3. Improve the analysis
This project is the first attempt of xiaobian to download videos from B station, and there are inevitably many shortcomings. In the process of implementation and the summary of the later stage, it can be seen that there are still some problems:
- You can’t download all the videos on THE B website. Currently, it is limited to all kinds of ordinary video tutorials, and you can’t download live videos and big member dramas, etc., which can be further optimized in the later stage.
- The code is too tedious, and there are many duplicate codes with similar functions, which can further simplify and improve the reusability of the code;
- If you do not take proper measures to deal with the anti-crawling of station B, you may not be able to download normally because of too many requests.
It can be optimized at a later stage to make the entire program more robust.
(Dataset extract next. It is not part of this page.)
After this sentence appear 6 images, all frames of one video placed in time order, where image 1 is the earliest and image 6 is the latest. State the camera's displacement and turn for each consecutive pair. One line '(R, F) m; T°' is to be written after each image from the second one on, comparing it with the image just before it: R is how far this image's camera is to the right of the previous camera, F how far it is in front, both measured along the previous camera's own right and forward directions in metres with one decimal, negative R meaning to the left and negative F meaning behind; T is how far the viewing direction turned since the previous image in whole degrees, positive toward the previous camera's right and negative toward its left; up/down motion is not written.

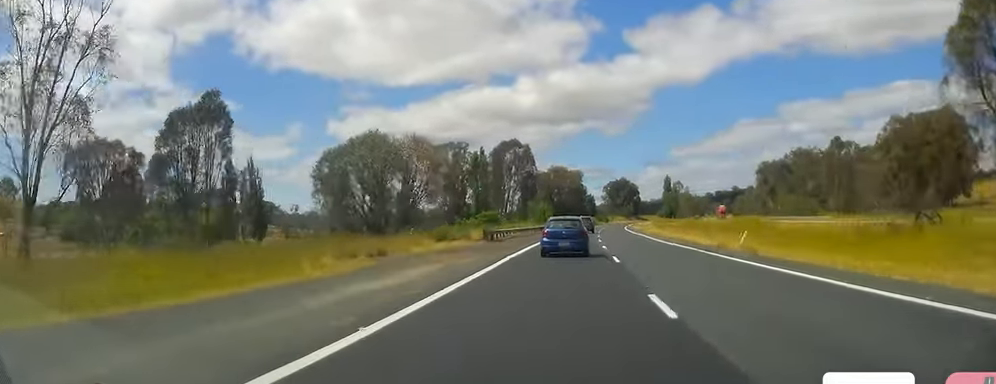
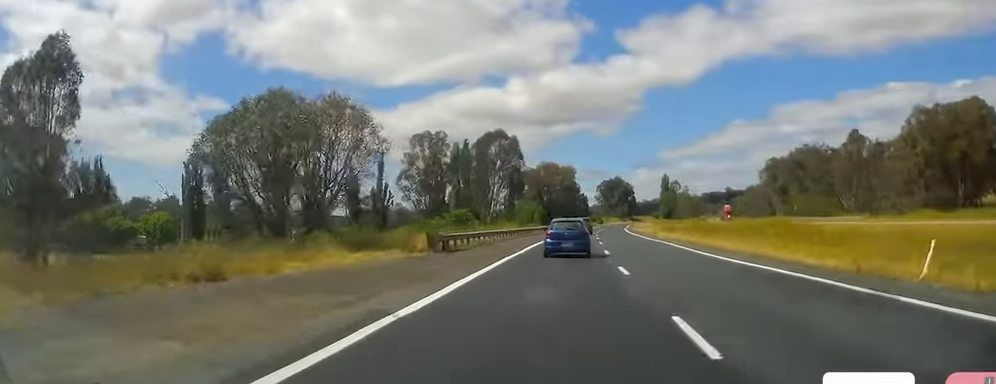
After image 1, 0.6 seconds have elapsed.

4. Description of legality
- The starting point of this project is easily learning video download site B, can better learning all kinds of tutorial, it is also a kind of welfare for program ape, but not with the other business purpose, all the readers can refer to implement ideas and the program code, but can not be used in malicious or illegal purpose (frequent malicious downloading video, illegal profit, etc.), if there are any violations is responsible for, please.
- This project may refer to the implementation ideas of other leaders in the process of implementation. If it infringes others’ interests, please contact to change or delete it.
- This project is the first of the series of B station video batch download, there are a lot of places to be improved, the later will continue to update, welcome readers to exchange comments, in order to continue to improve.